Erfahrung mit Bürger-Bühnenprojekten

„Wir machen das zum ersten mal im Landkreis und sind sehr neugierig darauf“, sagt die Regisseurin. Das Boat People Projekt habe aber bereits Erfahrung mit Bürger-Bühnenprojekten. Zuletzt wurde die Händel-Jugendoper, die während der Festspiele im Mai mehrmals aufgeführt wurde, in so einem Format entwickelt - sehr erfolgreich, wie sich zeigte.

Mitmachen und einbringen dürfen sich nicht nur Bewohner der dann ausgewählten vier Dörfer, sondern alle Interessierten aus Göttingen und dem Landkreis, die mindestens zwölf Jahre alt sind. „Deswegen sollen die Dörfer auch gut im Landkreis verteilt sein“, erklärt de la Chevallerie. Leitende Dramaturgin für das Theater zum Mitmachen wird Nicola Bongard sein.

Das Endprodukt werde aber keine Aneinanderreihung von vier verschiedenen Stücken aus den vier Dörfern, „es wird schon ein großes Ganzes am Ende“, erklärt de la Chevallerie. Dabei werde es grob um die Frage „Wie wollen wir zusammenleben?“ gehen, Utopien würden gebildet, aber auch „fantastische Ausflüge“ unternommen.

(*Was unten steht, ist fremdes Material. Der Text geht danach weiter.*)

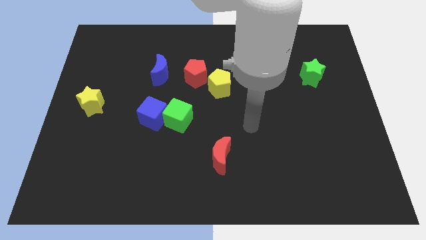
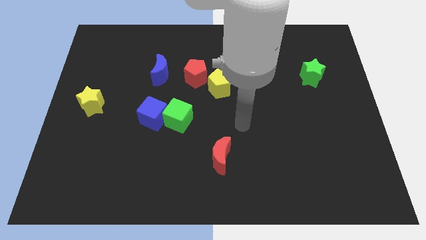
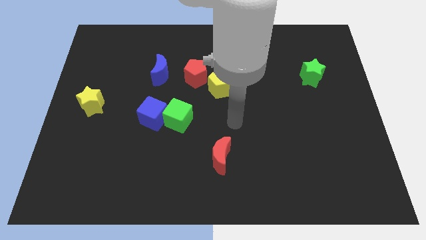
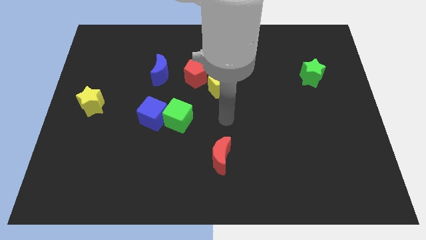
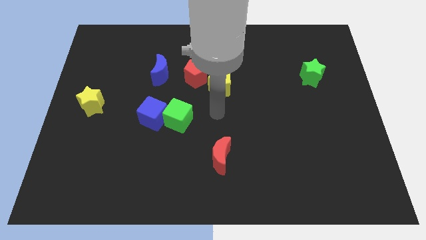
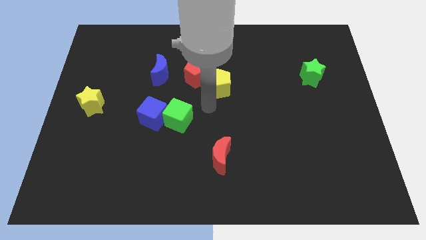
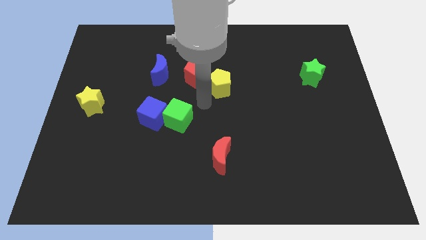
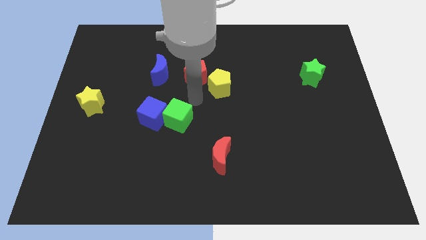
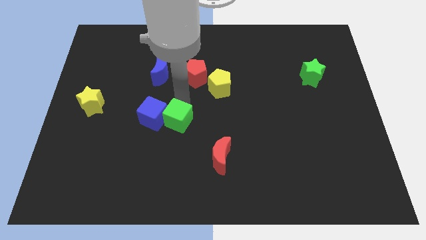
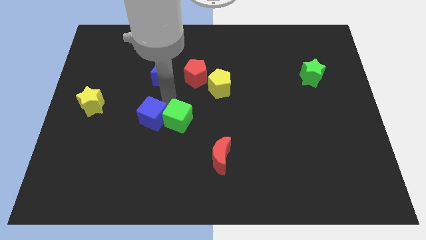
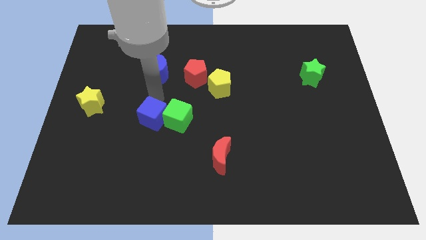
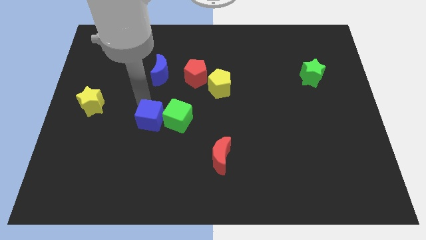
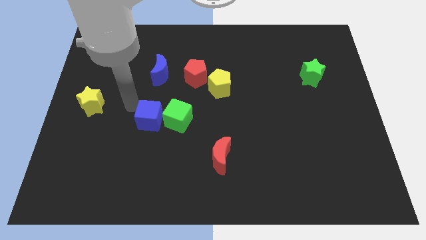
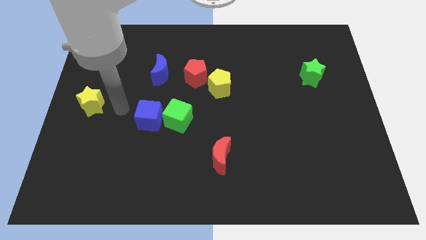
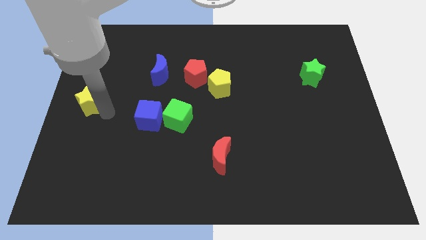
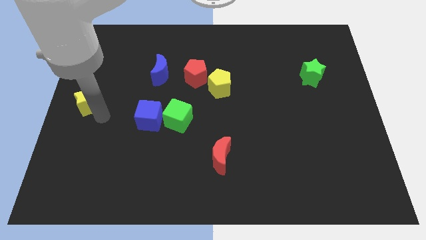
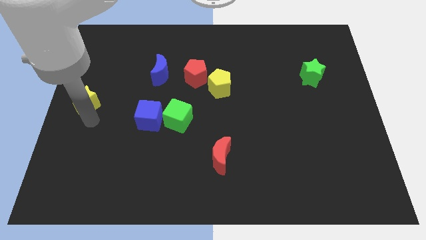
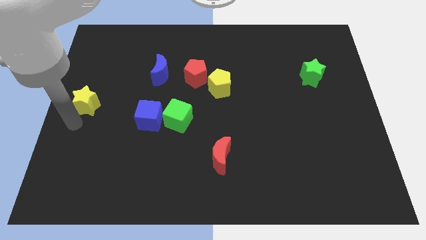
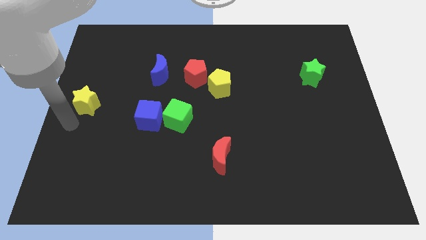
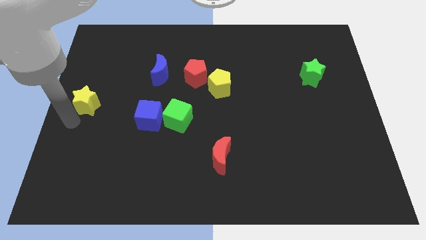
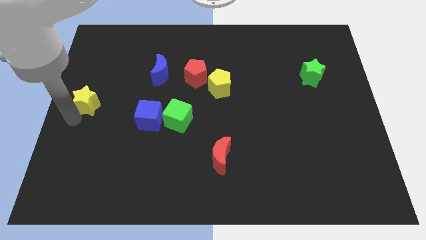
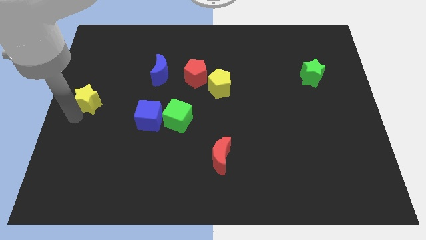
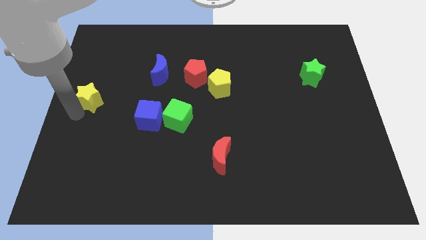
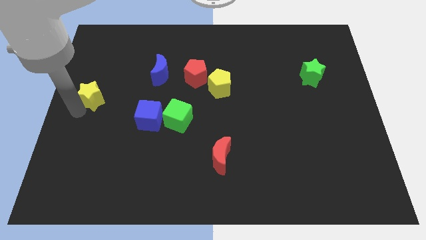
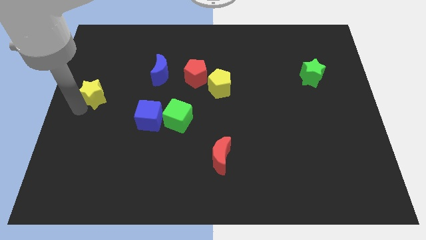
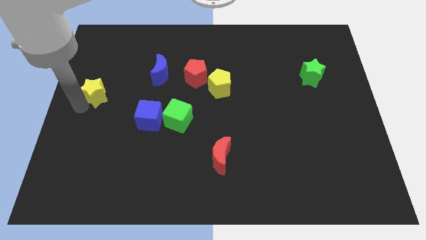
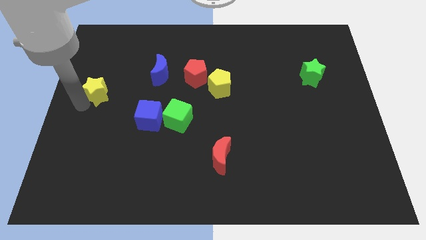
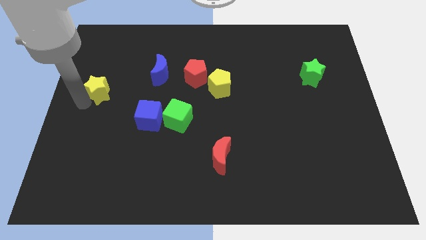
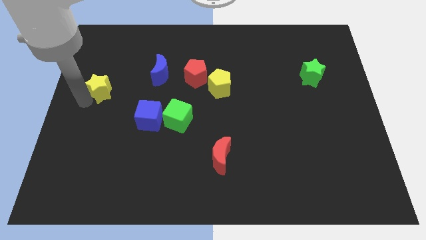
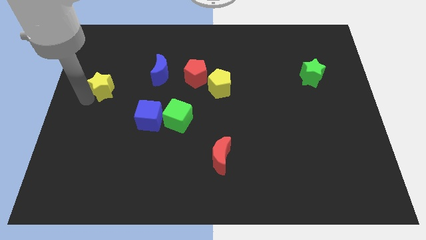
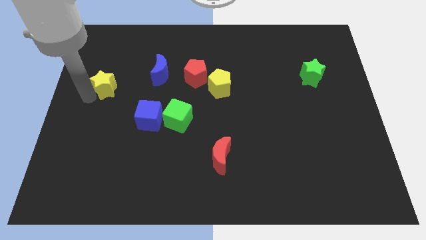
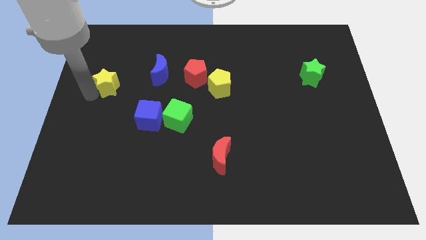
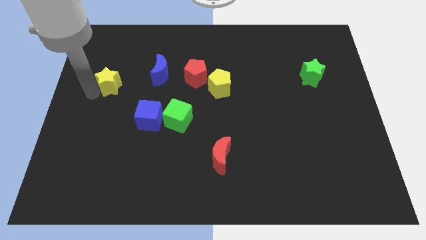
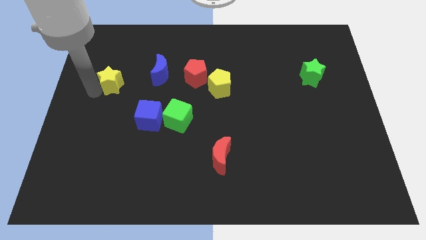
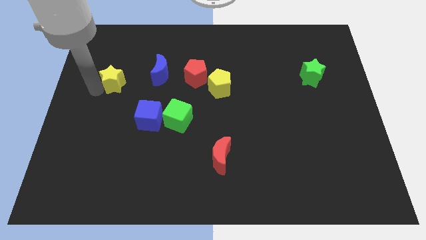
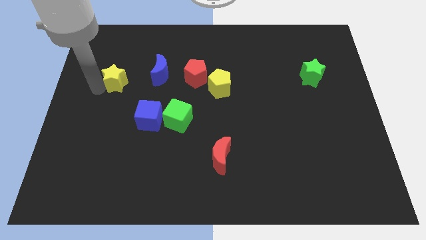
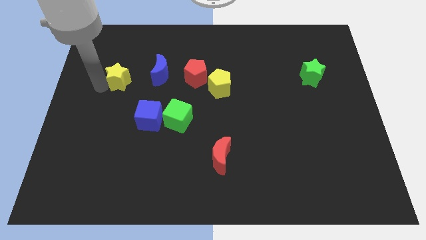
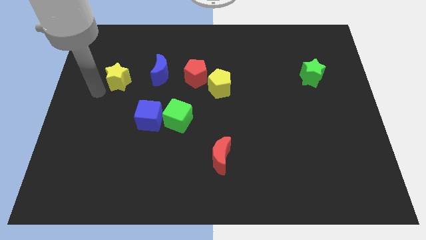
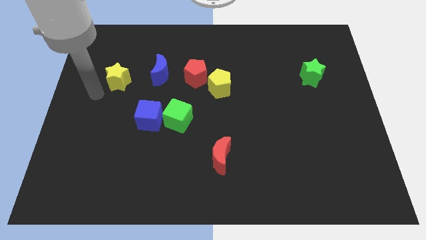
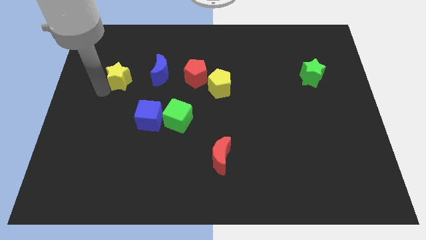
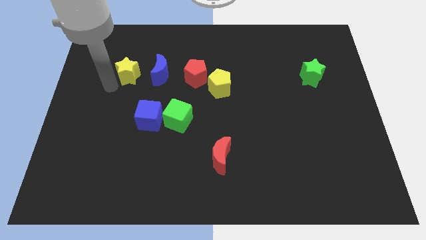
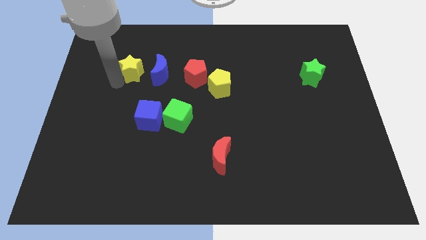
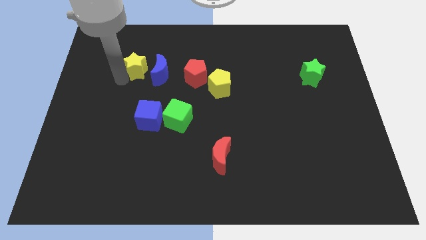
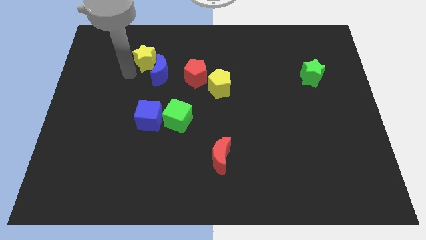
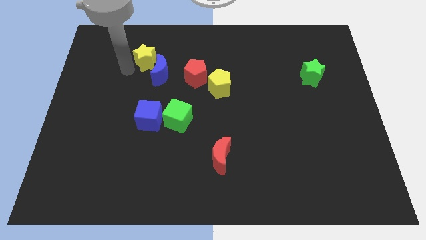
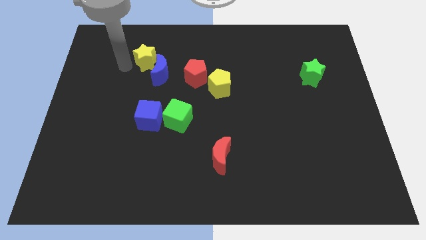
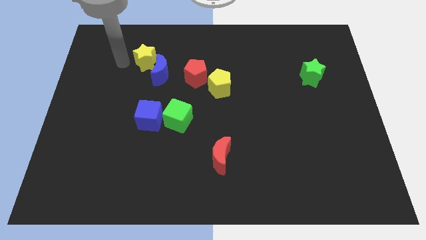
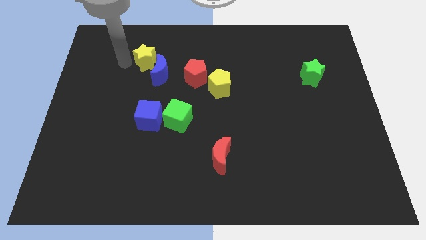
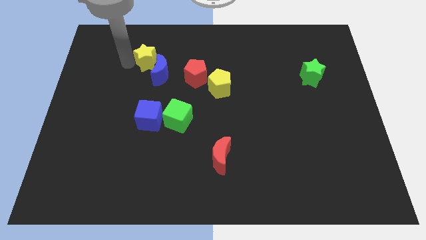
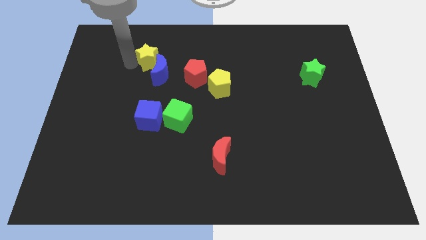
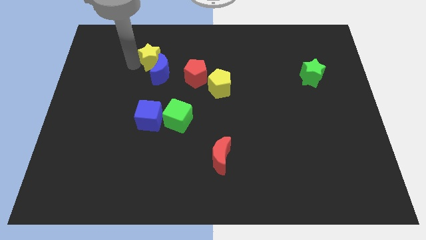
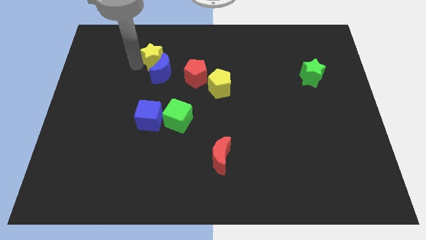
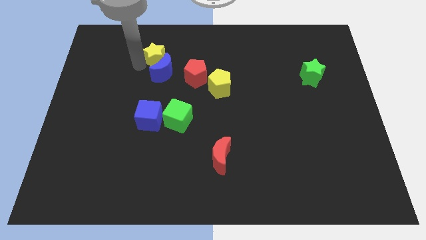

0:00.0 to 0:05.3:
push the yellow star to the top left of the red pentagon

Das Besondere im Vergleich mit Profi-Produktionen sei vor allem die Zusammensetzung der Gruppe(n). „Die Zusammensetzung kann man nicht kontrollieren, das ist ein spannender Prozess und davon lebt das Ergebnis“, freut sich de la Chevallerie schon auf den Start des Projekts. Aufgeführt werde das Stück im Frühling 2018 dann in mindestens einem der ausgewählten Dörfer.

Wer mehr über das Projekt wissen und eventuell mitmachen will, sollte am Mittwoch, 6. September, in das Theater im ehemaligen IWF, Nonnenstieg 72, kommen. Ab 19 Uhr stellt sich dort das Team vor, erklärt das Konzept näher und beantwortet Fragen.